What to work on:
From the first entry to the last, copy everything exactly except the pictures.

Extracted entries:
************
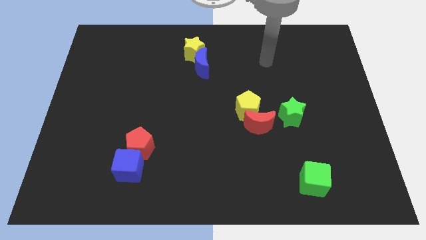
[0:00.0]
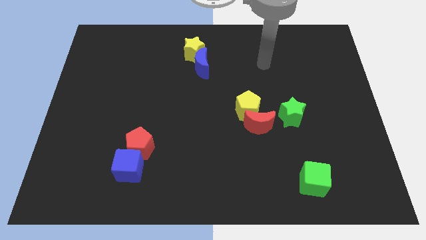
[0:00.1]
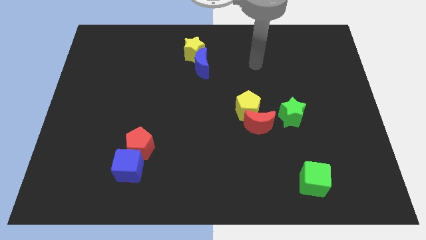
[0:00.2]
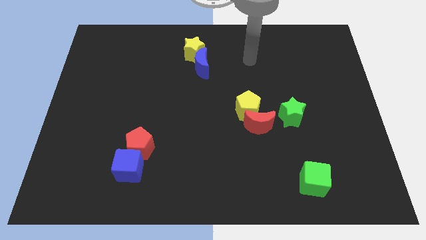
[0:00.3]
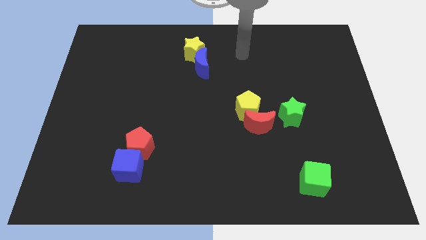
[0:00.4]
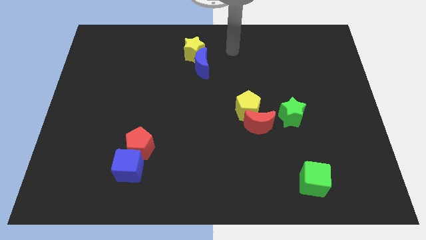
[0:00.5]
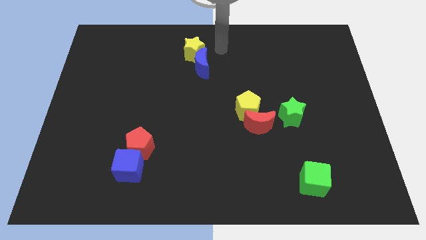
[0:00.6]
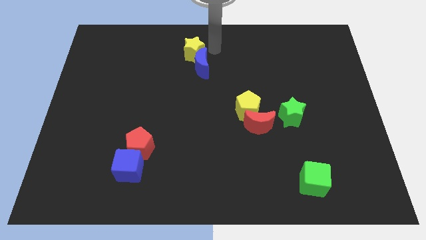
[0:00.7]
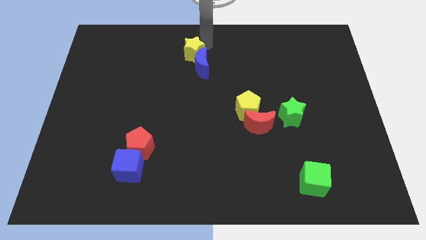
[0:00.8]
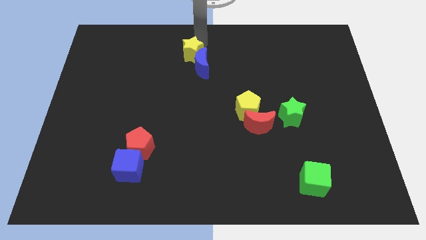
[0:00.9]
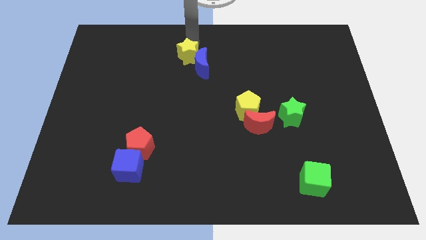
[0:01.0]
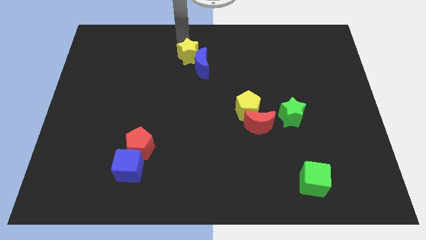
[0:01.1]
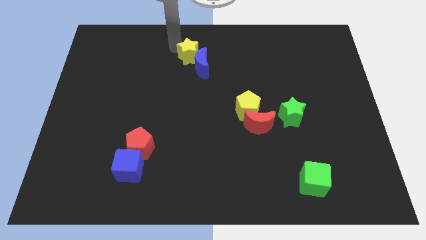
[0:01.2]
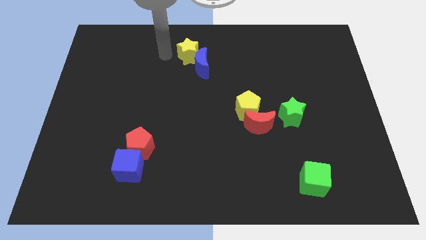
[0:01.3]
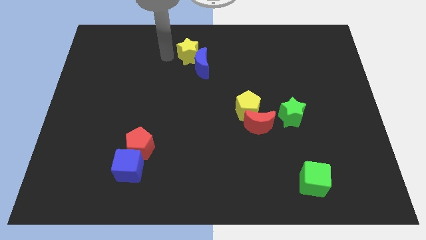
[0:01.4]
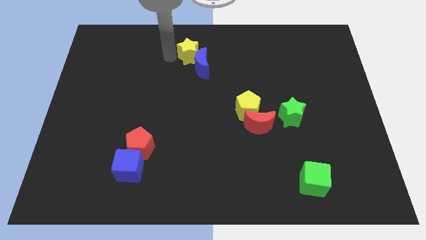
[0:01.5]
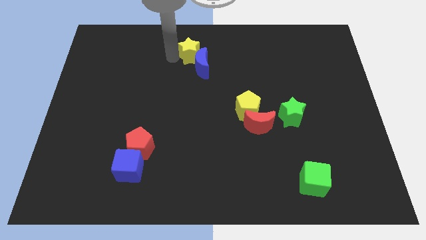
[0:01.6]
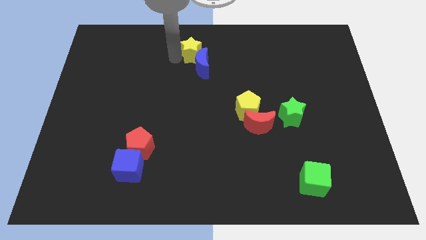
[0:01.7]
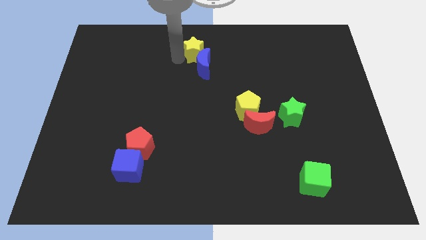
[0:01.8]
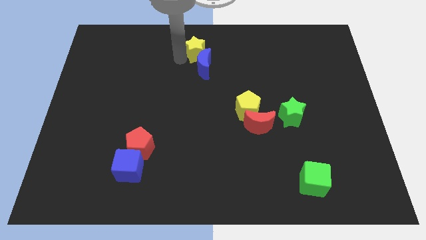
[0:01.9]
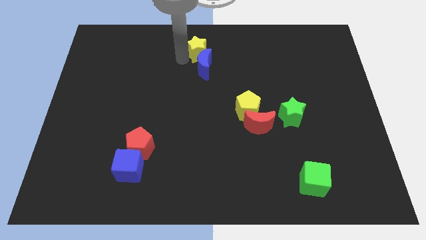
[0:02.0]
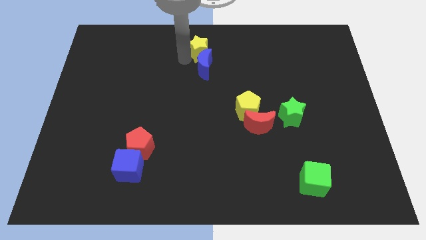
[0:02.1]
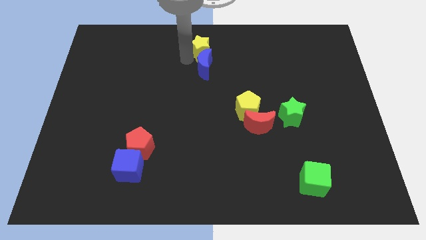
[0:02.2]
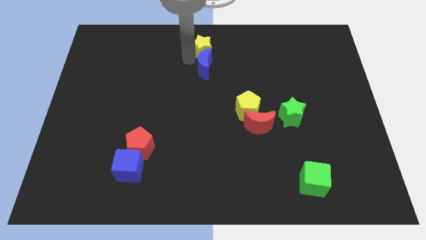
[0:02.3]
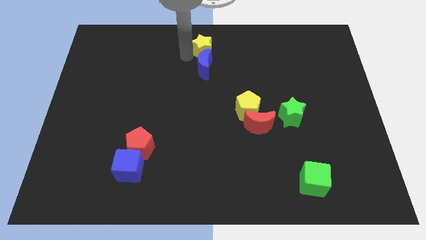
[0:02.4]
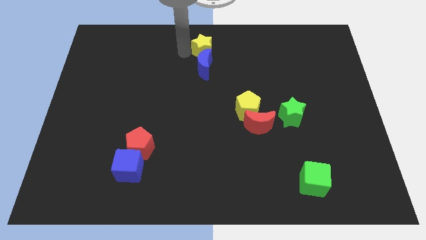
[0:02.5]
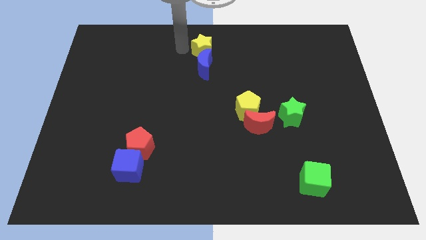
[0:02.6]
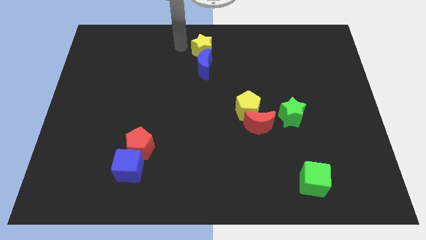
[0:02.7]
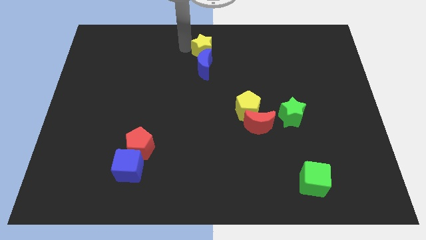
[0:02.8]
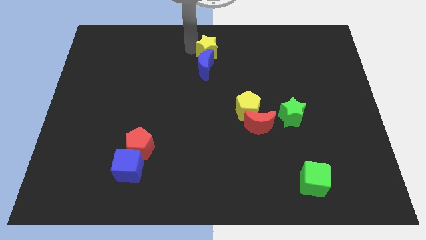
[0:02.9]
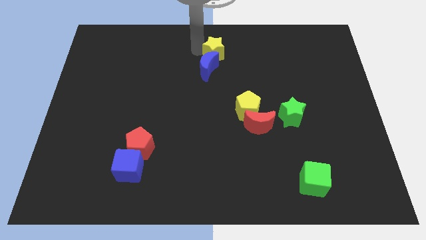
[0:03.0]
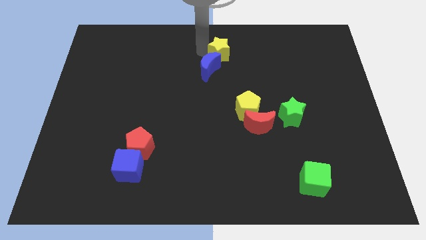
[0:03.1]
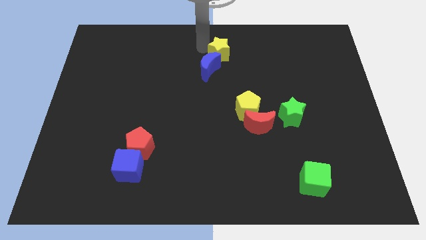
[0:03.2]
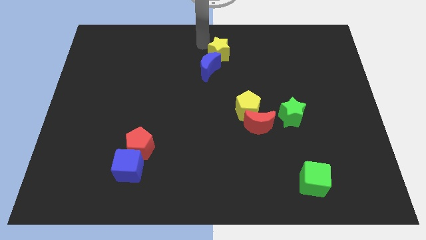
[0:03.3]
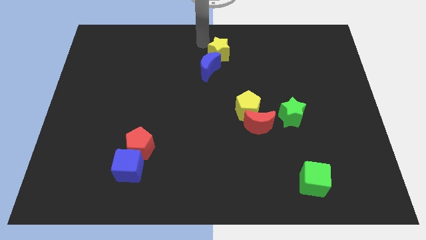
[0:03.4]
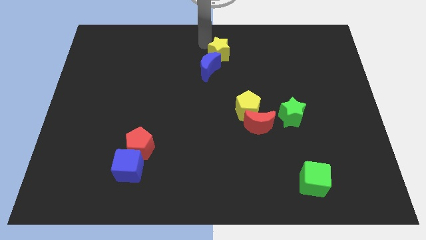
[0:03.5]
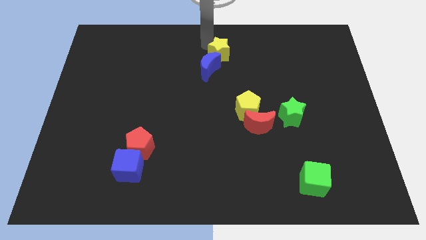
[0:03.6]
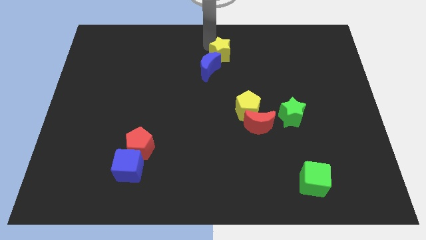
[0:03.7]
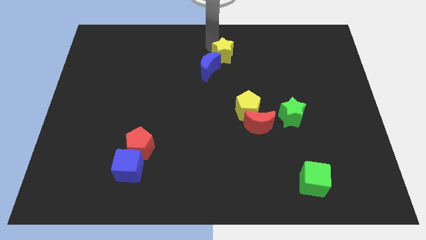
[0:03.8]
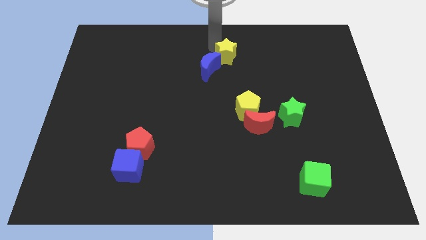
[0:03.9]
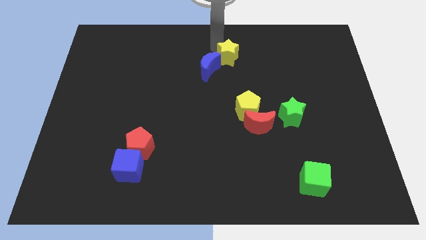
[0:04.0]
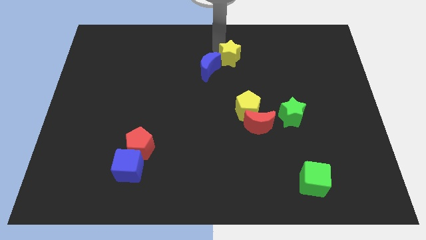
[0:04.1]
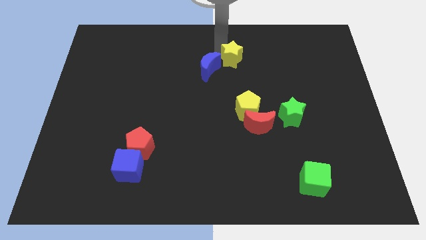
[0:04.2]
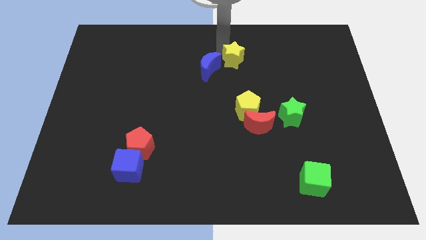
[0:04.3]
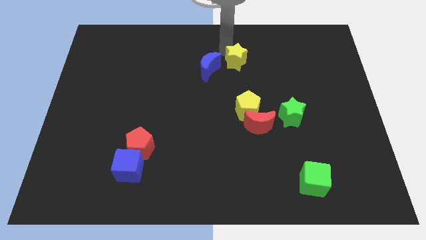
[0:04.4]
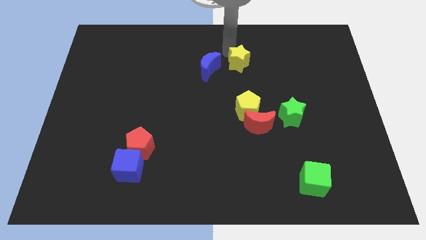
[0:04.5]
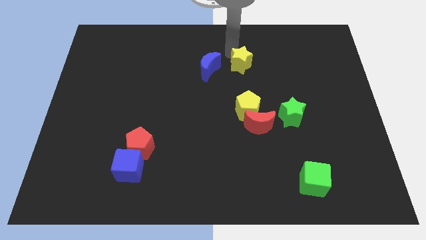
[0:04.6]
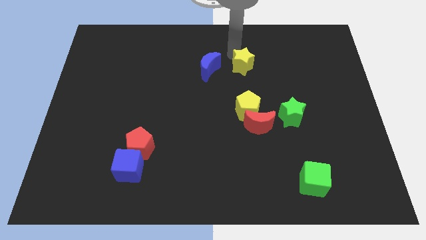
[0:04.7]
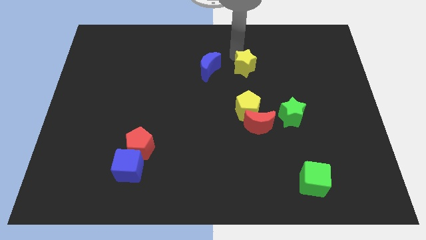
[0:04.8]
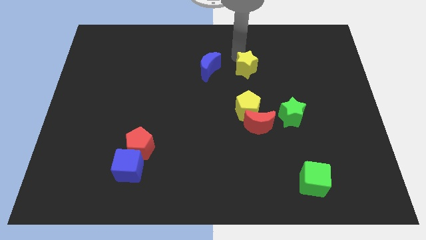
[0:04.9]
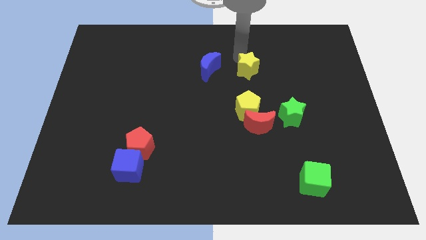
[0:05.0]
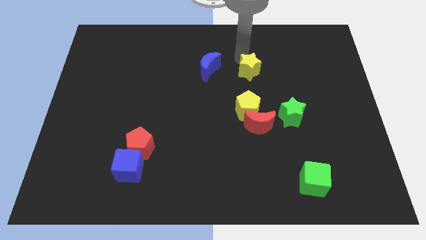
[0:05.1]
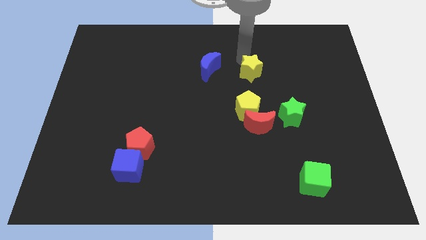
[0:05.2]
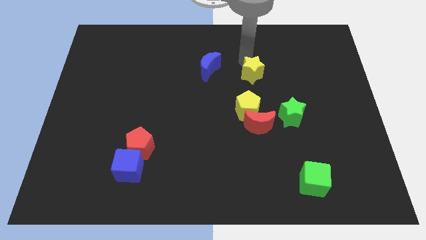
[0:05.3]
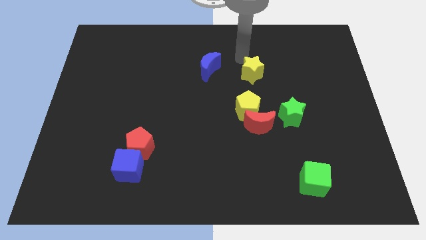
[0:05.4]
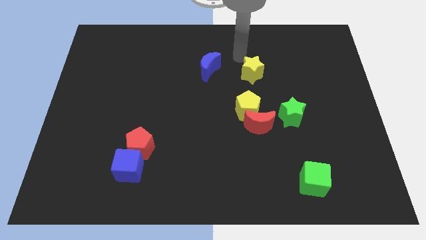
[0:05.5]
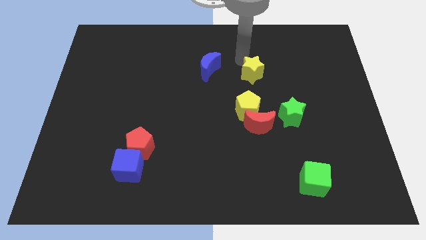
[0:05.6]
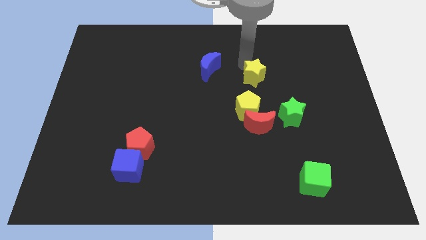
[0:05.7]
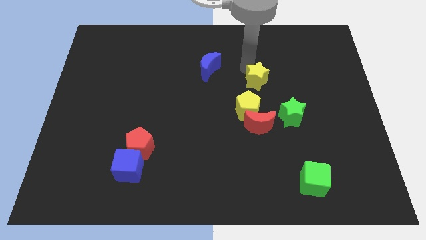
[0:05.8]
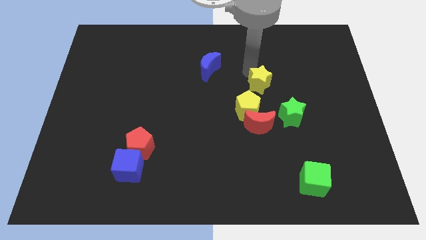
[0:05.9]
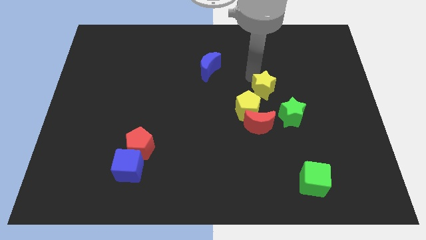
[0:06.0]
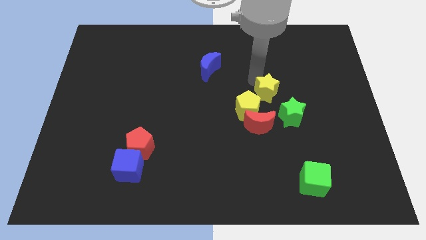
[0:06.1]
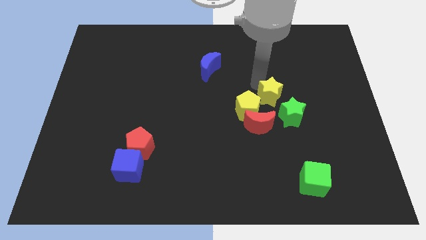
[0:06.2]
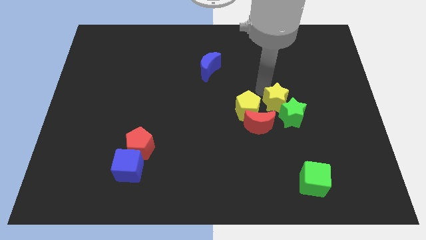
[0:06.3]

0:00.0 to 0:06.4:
move the yellow star next to the green star
************
Answer space:
[0:00.0]
[0:00.1]
[0:00.2]
[0:00.3]
[0:00.4]
[0:00.5]
[0:00.6]
[0:00.7]
[0:00.8]
[0:00.9]
[0:01.0]
[0:01.1]
[0:01.2]
[0:01.3]
[0:01.4]
[0:01.5]
[0:01.6]
[0:01.7]
[0:01.8]
[0:01.9]
[0:02.0]
[0:02.1]
[0:02.2]
[0:02.3]
[0:02.4]
[0:02.5]
[0:02.6]
[0:02.7]
[0:02.8]
[0:02.9]
[0:03.0]
[0:03.1]
[0:03.2]
[0:03.3]
[0:03.4]
[0:03.5]
[0:03.6]
[0:03.7]
[0:03.8]
[0:03.9]
[0:04.0]
[0:04.1]
[0:04.2]
[0:04.3]
[0:04.4]
[0:04.5]
[0:04.6]
[0:04.7]
[0:04.8]
[0:04.9]
[0:05.0]
[0:05.1]
[0:05.2]
[0:05.3]
[0:05.4]
[0:05.5]
[0:05.6]
[0:05.7]
[0:05.8]
[0:05.9]
[0:06.0]
[0:06.1]
[0:06.2]
[0:06.3]

0:00.0 to 0:06.4:
move the yellow star next to the green star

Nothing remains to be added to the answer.